The shortened week did little to curb the enthusiastic response of the markets to news that the immediate dangers of the US fiscal cliff had been avoided. However, after the initial rally, realisation that the most difficult decisions on spending cuts have merely been deferred for two months did prompt markets to retreat slightly. The politicians in charge of managing the world’s largest economy have come in for heavy criticism over their game of brinkmanship – the fate of the global economy represents pretty high stakes. US political uncertainty will continue to concern markets; the end of February will see more wrangling over spending, with Republicans in the House of Representatives again threatening to force the US to default.

“The 11th-hour deal was a stop-gap not a solution. It will likely translate into increased volatility for financial markets.”

Russ Koesterich, Chief Investment Strategist, BlackRock

The brakes were further applied on news of an apparent split within the Federal Reserve’s Federal Open Market Committee over whether to maintain its quantitative easing programme until the end of this year. The minutes of its December meeting confirmed that “several” of the 12 voting members were concerned about financial stability or the state of the Fed’s balance sheet.

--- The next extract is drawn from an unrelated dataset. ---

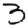
Digit: 3
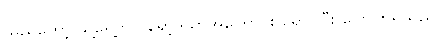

Encouraging jobs figures did, though, suggest that the US economy is growing steadily enough to withstand the squeeze from the fiscal cliff deal and continue its recovery in 2013. Non-farm payrolls increased by 155,000 last month, very much in line with expectations, while the unemployment rate held steady at 7.8%. There was also some positive news on the US services sector, as the Institute for Supply Management’s December non-manufacturing index hit a 10-month high. Markets were also boosted by news that Chinese manufacturing picked up sharply in December, suggesting that its economy has bounced back from the export-induced soft patch in the second half of 2012.

So, whilst the looming cliff had denied investors the fairly traditional year-end market rally, the end of the first week of 2013 provided some welcome relief. Wednesday provided the best day for US equities in more than a year and the S&P 500 Index ended the week up 4.4%, within touching distance of a post-financial crisis high. The FTSEurofirst 300 Index finished up 3.2%, at a 22-month high. In the UK, the FTSE 100 gained 2.8% to end the week above 6,000 and at its highest level for nearly two years. Asian markets saw similar gains.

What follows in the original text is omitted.